[Data items]
# # # # # # #

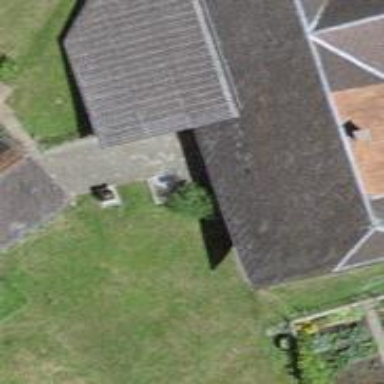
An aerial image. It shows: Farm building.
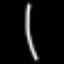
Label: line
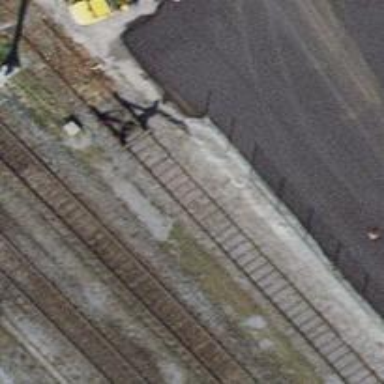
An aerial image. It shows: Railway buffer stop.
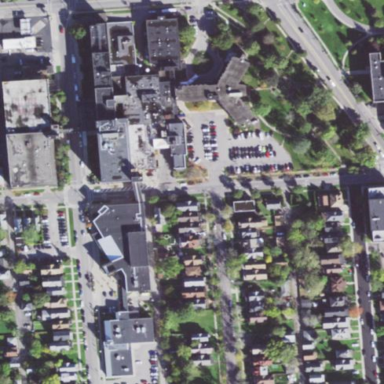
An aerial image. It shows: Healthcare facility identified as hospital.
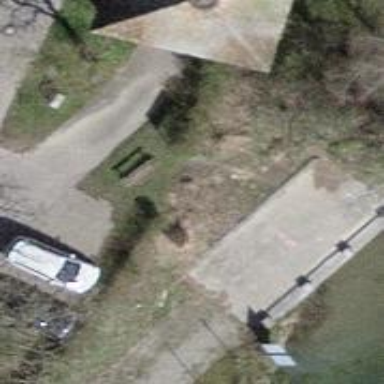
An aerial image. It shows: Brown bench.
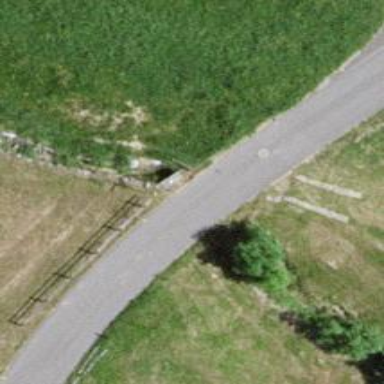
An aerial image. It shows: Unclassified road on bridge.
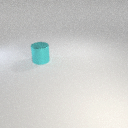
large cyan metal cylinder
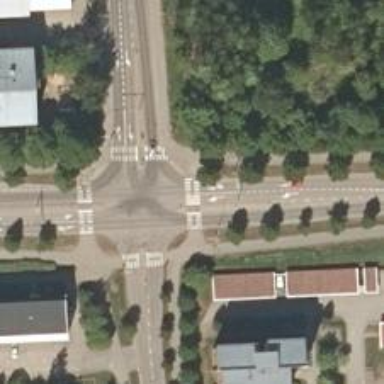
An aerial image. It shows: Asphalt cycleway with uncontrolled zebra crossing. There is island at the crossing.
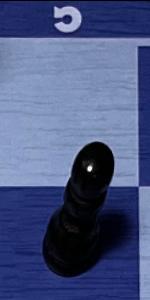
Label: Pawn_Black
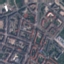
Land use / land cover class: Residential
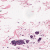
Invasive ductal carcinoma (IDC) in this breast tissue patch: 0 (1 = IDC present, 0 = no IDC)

# # # # # # #

Copy the lines from the line that contains "An aerial image. It shows: Brown bench." through the end of the records, exactly and with nothing added; leave the pictures out.

An aerial image. It shows: Brown bench.
An aerial image. It shows: Unclassified road on bridge.
large cyan metal cylinder
An aerial image. It shows: Asphalt cycleway with uncontrolled zebra crossing. There is island at the crossing.
Label: Pawn_Black
Land use / land cover class: Residential
Invasive ductal carcinoma (IDC) in this breast tissue patch: 0 (1 = IDC present, 0 = no IDC)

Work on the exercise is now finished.